What you should do:
Only an exact repeat of the listing, without its images, counts as the answer.

Exercise materials:
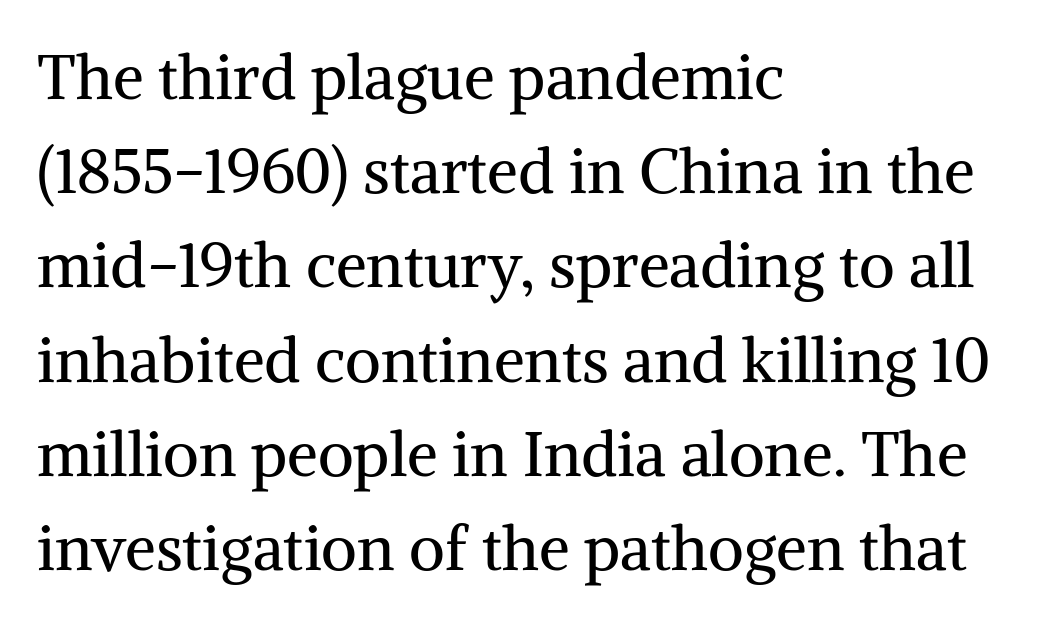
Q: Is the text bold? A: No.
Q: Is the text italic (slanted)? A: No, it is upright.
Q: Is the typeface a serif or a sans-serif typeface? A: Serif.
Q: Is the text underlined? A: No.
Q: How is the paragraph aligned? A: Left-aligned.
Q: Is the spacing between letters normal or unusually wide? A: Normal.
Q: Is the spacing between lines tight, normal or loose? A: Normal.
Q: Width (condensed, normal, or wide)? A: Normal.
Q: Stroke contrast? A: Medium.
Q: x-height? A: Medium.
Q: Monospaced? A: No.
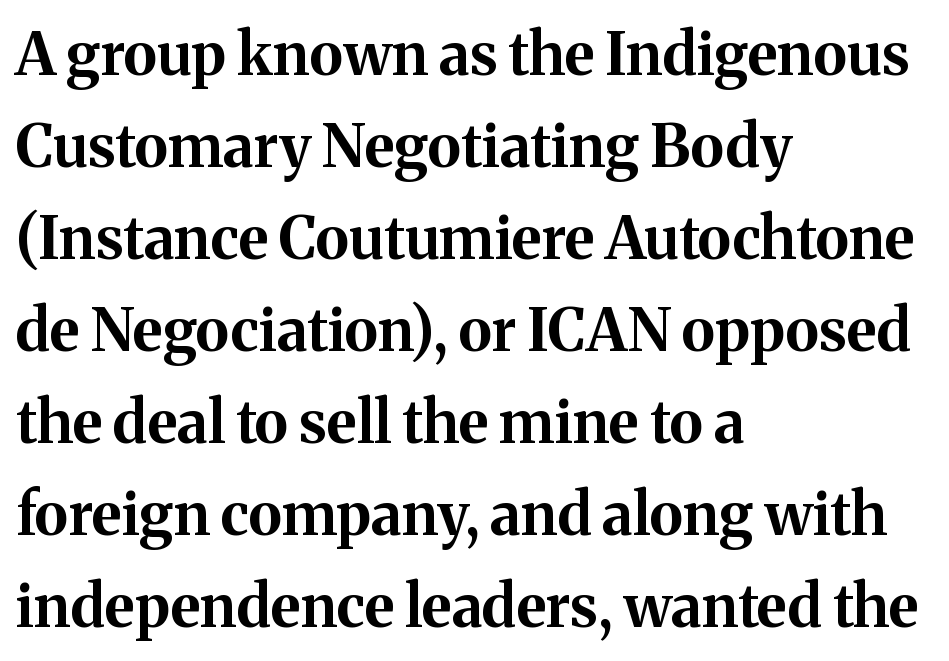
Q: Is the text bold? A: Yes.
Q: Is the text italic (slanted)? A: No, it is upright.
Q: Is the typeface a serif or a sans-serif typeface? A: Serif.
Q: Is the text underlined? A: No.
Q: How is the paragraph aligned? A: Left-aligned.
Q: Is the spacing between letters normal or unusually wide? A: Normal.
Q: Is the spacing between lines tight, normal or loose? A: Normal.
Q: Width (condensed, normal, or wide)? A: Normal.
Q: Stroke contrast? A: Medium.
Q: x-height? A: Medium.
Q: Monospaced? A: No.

Response to this task:
Q: Is the text bold? A: No.
Q: Is the text italic (slanted)? A: No, it is upright.
Q: Is the typeface a serif or a sans-serif typeface? A: Serif.
Q: Is the text underlined? A: No.
Q: How is the paragraph aligned? A: Left-aligned.
Q: Is the spacing between letters normal or unusually wide? A: Normal.
Q: Is the spacing between lines tight, normal or loose? A: Normal.
Q: Width (condensed, normal, or wide)? A: Normal.
Q: Stroke contrast? A: Medium.
Q: x-height? A: Medium.
Q: Monospaced? A: No.
Q: Is the text bold? A: Yes.
Q: Is the text italic (slanted)? A: No, it is upright.
Q: Is the typeface a serif or a sans-serif typeface? A: Serif.
Q: Is the text underlined? A: No.
Q: How is the paragraph aligned? A: Left-aligned.
Q: Is the spacing between letters normal or unusually wide? A: Normal.
Q: Is the spacing between lines tight, normal or loose? A: Normal.
Q: Width (condensed, normal, or wide)? A: Normal.
Q: Stroke contrast? A: Medium.
Q: x-height? A: Medium.
Q: Monospaced? A: No.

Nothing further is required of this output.